See all reviews of Captain America: Steve Rogers (17)

Each issue shows us the flashbacks getting a little bit closer to the present as writer Nick Spencer reveals how Captain America’s origin changed with him as a Hydra agent. The present meanwhile moves ever closer to the “Secret Empire” event, but is it good?

Captain America: Steve Rogers #11 (Marvel Comics)


So what’s it about? Read the full preview here.

Why does this book matter?

With “Secret Empire” on the way, if you at all want to read that series you’d best read this too. We’re beginning to learn who the main players will be in that fight, but also continue to get inside Cap’s head due to well written characters. If you like character writing you gotta read this series!

Fine, you have my attention. What’s good about it?


Who is he talking to?!

This issue cuts between three different moments, which helps break up the book and allow for dramatic cutaways.

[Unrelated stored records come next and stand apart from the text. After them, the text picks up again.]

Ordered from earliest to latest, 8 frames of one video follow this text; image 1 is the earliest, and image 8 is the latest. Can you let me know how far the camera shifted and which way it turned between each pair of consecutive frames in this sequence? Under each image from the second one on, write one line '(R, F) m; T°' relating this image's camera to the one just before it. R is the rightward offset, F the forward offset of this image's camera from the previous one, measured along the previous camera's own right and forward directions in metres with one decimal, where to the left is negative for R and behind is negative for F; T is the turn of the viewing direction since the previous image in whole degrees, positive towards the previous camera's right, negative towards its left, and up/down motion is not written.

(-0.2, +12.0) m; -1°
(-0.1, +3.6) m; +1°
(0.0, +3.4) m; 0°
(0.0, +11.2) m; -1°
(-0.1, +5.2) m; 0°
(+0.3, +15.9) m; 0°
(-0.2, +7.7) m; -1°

The first is Captain America speaking to someone off page (don’t worry, we learn who they are by the end), the second Captain America in the now, and finally Steve Rogers in 1940 before given the super soldier serum. Each story progresses well and culminates into a reveal that should mean big things in the coming event series. There’s also a surprising twist as more folks learn of Captain America’s secret, as well as check-ins with the new Quasar and Red Skull. As serial stories go there’s a lot to chew on with this issue including some key flashbacks that rejigger how we perceive a certain Cap villain.

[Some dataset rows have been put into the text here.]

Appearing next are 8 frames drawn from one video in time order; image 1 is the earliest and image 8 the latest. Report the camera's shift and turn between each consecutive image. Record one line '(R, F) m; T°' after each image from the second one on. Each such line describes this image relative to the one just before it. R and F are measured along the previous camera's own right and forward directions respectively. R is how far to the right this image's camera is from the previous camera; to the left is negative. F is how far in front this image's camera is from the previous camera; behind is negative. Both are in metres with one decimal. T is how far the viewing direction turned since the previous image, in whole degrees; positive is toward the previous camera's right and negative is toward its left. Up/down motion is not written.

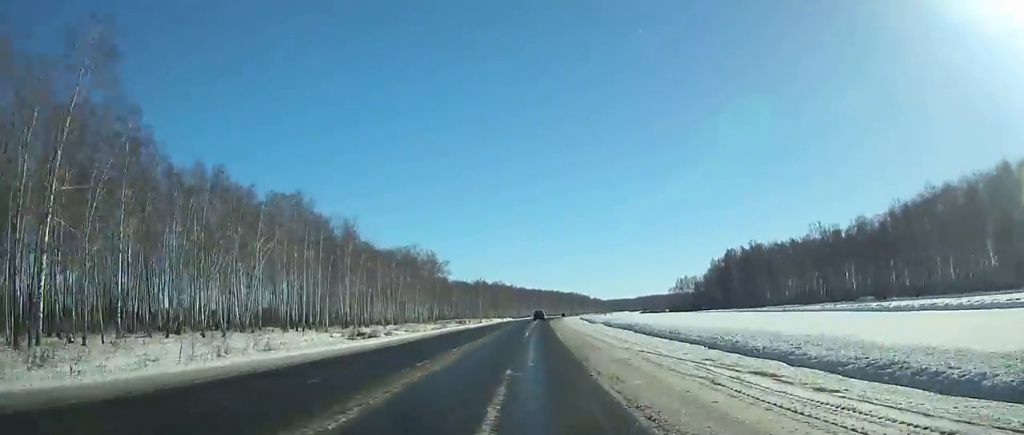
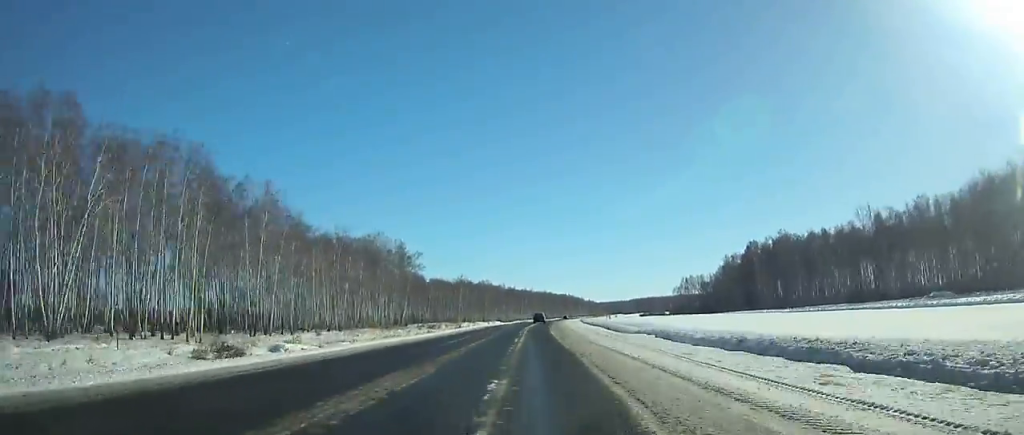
(+0.1, +30.7) m; +1°
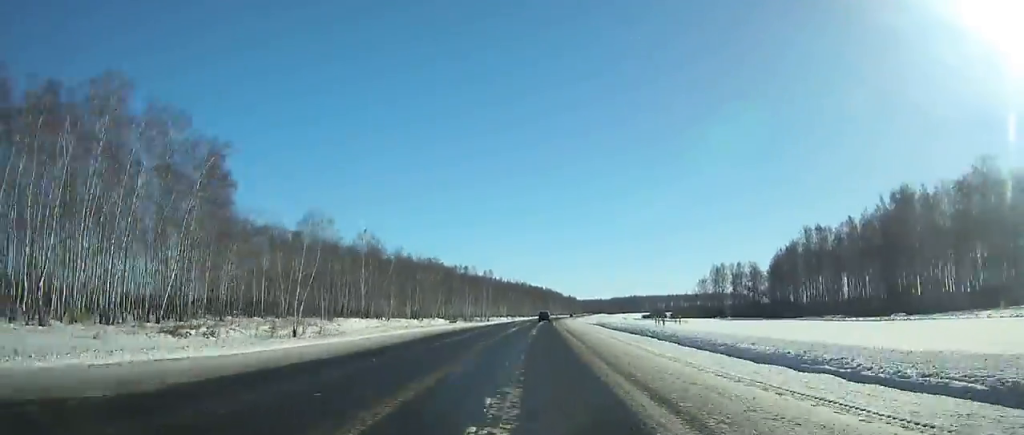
(+2.6, +89.2) m; +3°
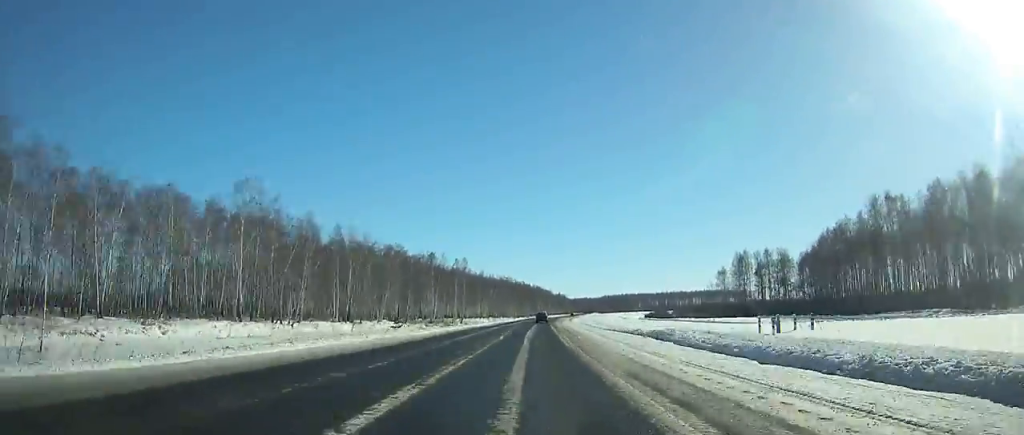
(+0.5, +38.5) m; +1°
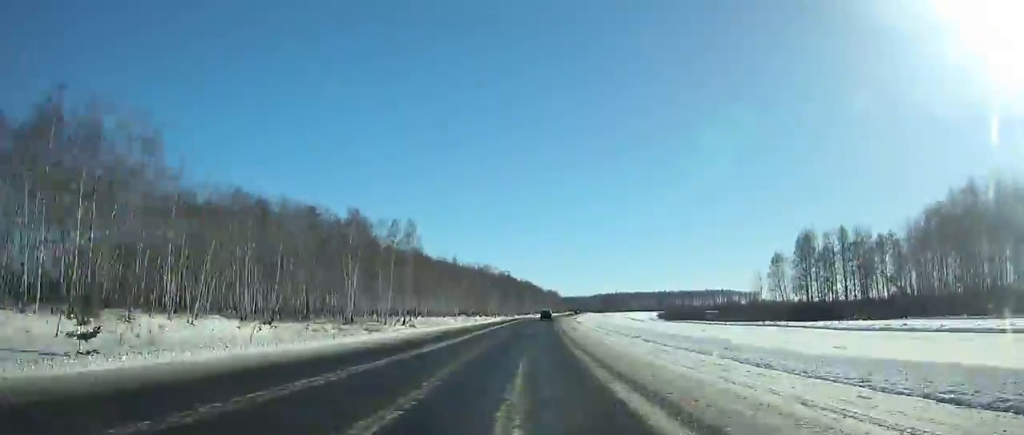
(+0.5, +52.7) m; +1°
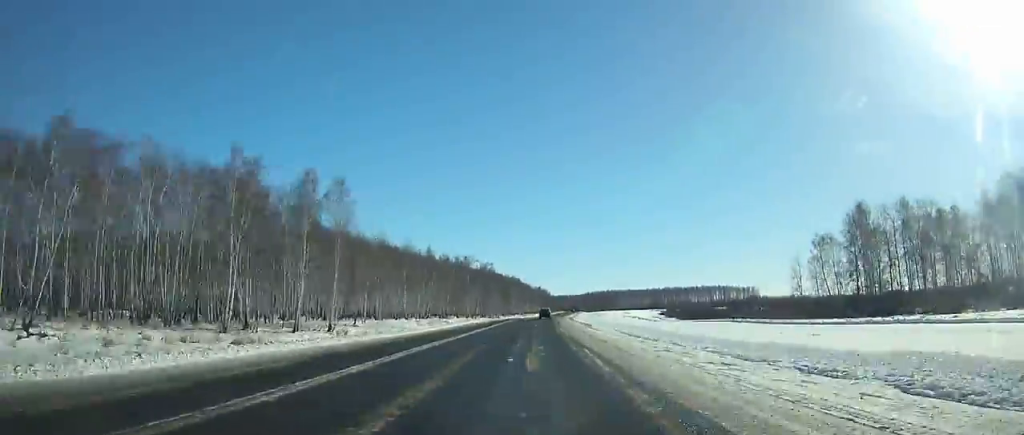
(+0.4, +29.9) m; +1°
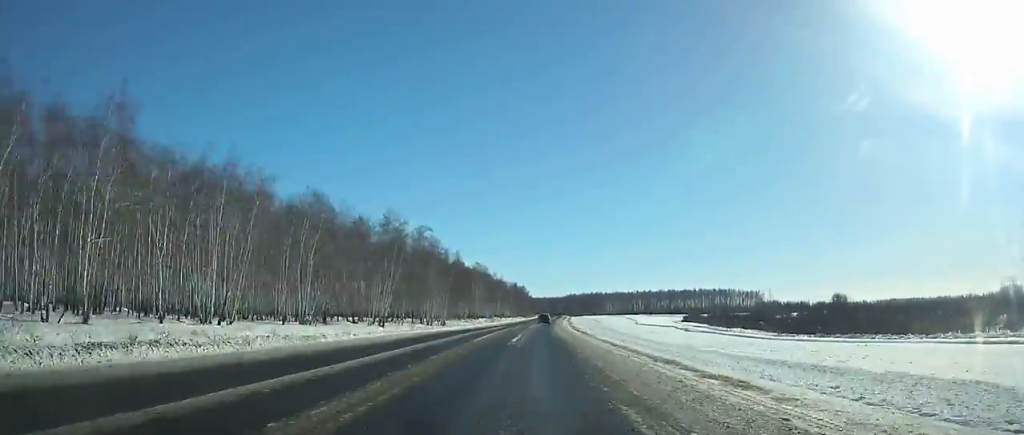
(+1.4, +71.9) m; +2°
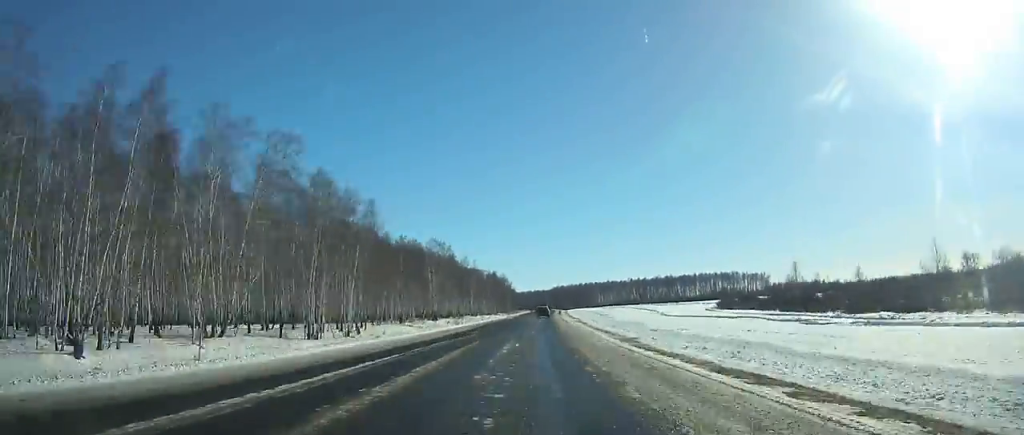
(+0.4, +48.8) m; +1°

As far as the flashback, the deeper meaning in these scenes becomes apparent near the end of the issue. Instead of seeing key events, we’re seeing key moments that will deeply affect Captain America’s psychology moving forward. Once again, Spencer shows us Cap isn’t completely evil. There’s still a good man in there, and that’s a compelling trait as his plan to take over for Hydra pushes ever closer to the brink.

The art by Jesus Saiz continues to be strong, especially in the panels where Cap speaks to someone off screen. Cap is practically glistening in these shots in his blue costume and he couldn’t look more heroic. Given the words he says, that’s a good juxtaposition. The flashbacks look as gorgeous as ever and the stark use of colors helps separate it from the rest of the book. There’s some important emotional moments in this issue which key into a brotherhood and a bond Cap shares with a certain character that may have fallen flat with a different artist.

It can’t be perfect can it?

The perfect symmetry of the three stories isn’t perfect all the way through unfortunately. A key scene that reveals Cap’s secret may not be safe is somewhat jammed in near the end of the book. It’s always better to show and not tell, though it sticks out from the rest of the narrative because it has no relation to the majority of the events (which connect very well).

There’s a short scene where Cap shares a moment with another hero and it feels a bit jammed in too. It runs on for about two pages, is clearly laying some groundwork for this hero to factor in later on, but due to how much time it gets slows things down a bit too much. There’s a lot of plotting and angling for position going on and this stuck out as too much time for something seemingly unimportant.


He doesn’t look evil.

Is It Good?

Captain America: Steve Rogers continues to be the psychological drama America deserves. It delves into how quiet, seemingly unimportant moments shape who we are, and how down the road it may mean the difference between doing good and bad.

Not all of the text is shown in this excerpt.